To give back to “the institution that gave me the tools to be a professional” he lectured Commercial Law part time at Wits for 12 years. “Assisting young students reach their full potential means everything to me,” he explains.

Creating TGR

In 2011 Tshisevhe and two equally senior commercial lawyers, Sandanathi Gwina and Matodzi Ratshimbilani, decided to go it alone and created Tshisevhe Gwina Ratshimbilani Incorporated (TGR) – the largest Level 1 BEE commercial law firm in South Africa, with offices in Sandhurst.

“I had a really good experience at ENS but the time had come to create something of our own,” Tshisevhe explains. “It’s the first time in the history of South Africa that professionals from large firms have got together and created a commercial law firm that is truly representative of the racial demographic in our country.”

In three years TGR has grown from three to 26 professionals, including ENS’s former Financial Director, Bruce Schubach, a Wits Business School and Law graduate, who joined TGR a year ago as the CEO.

The basis of TGR’s rapid success is that business law excites all those who work here.

Black people needed to get into business

“I noted that a lot of black people in South Africa were into the human rights law space but for me the uncharted territory was business rights law because black people needed – and continue to need – to get into business.”

From buy-backs of shares to massive cross-border transactions, Tshisevhe transacts in the billions.

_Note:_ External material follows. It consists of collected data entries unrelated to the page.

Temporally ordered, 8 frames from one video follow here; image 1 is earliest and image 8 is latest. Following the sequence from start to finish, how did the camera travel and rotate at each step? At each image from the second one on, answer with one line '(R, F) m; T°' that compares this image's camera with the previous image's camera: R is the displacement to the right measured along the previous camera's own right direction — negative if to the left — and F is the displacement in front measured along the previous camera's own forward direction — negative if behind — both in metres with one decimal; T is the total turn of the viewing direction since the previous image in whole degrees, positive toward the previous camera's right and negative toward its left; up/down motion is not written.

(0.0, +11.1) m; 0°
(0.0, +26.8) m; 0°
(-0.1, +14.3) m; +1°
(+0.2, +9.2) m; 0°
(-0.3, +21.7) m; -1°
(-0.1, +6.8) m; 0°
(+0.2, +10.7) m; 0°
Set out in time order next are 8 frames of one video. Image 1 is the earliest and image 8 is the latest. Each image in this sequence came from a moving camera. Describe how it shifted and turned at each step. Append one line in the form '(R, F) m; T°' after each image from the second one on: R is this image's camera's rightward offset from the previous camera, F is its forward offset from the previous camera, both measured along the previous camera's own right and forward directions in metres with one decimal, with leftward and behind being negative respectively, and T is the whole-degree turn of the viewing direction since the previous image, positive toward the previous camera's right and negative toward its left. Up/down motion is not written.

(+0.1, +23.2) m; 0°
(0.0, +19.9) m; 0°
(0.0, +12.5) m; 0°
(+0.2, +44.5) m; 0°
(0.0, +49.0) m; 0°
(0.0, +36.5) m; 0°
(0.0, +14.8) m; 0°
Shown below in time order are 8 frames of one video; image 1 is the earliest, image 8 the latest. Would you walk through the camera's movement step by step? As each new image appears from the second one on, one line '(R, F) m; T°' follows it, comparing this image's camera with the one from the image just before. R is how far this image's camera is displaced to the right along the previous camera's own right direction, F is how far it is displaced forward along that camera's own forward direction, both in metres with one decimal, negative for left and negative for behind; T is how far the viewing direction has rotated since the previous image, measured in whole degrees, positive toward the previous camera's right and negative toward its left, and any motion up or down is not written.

“We pride ourselves on working with professionals who are absolute specialists in their field, irrespective of their colour, gender or culture.”

He adds that “window dressing or doing favours for connections” is not tolerated. “There is far too much of this in our country’s corporate world and it creates unhealthy dependencies instead of transformational environments.”

Now 43, Tshisevhe has a life many universes from that Wits student in P24 or that Venda boy in his first pair of shoes. But he’s not blasé or boastful. He does not arch his back in his leather chair and spout egotistical opinions. Quite the opposite: there’s light and honesty in his eyes and he’s energetic, fast-paced and engaging.

Highly focused on his work and on building the company, Tshisevhe does not find it easy to balance his professional and home life.

Family life

“I try not to have any meetings on weekends. I also take our daughter to and from school every day. I have a rule not to take phone calls during this time. To make up time I get up at 04:00.”

His wife Simone Magardie is also a lawyer with her own law firm in Pretoria, Damons, Magardie Richardson (DMR).

They live in Hyde Park and have a six-year-old daughter, Rendani, at Roedean School – one of Joburg’s top private schools – and a baby boy, Thendo.

“Naturally we want to give our children every educational opportunity possible,” Tshisevhe says.

Decency, ubuntu and hard work

He also wants to give his parents everything they never had, including the beautiful home he built for them in their home village in Venda. “I am really grateful to my mother and father because they instilled in me three basic values that have served me my whole life: they taught me about decency, ubuntu and hard work.

“I am equally grateful to all the people who have helped, encouraged and inspired me in my life, including Saul and Obed Raphalalani, who went out of their way to get me the Lutheran Church bursary while I was in high school. I can never thank them enough,” says Tshisevhe, who contributes financially to educating rural learners and takes care of 10 destitute but gifted learners from his former schools in Tshakhuma.

And so it is that his remarkable life has come full circle and his childhood mantra has come true: the poverty did pass, and while the journey has been long and hard, the young boy who grew up without shoes has never looked back.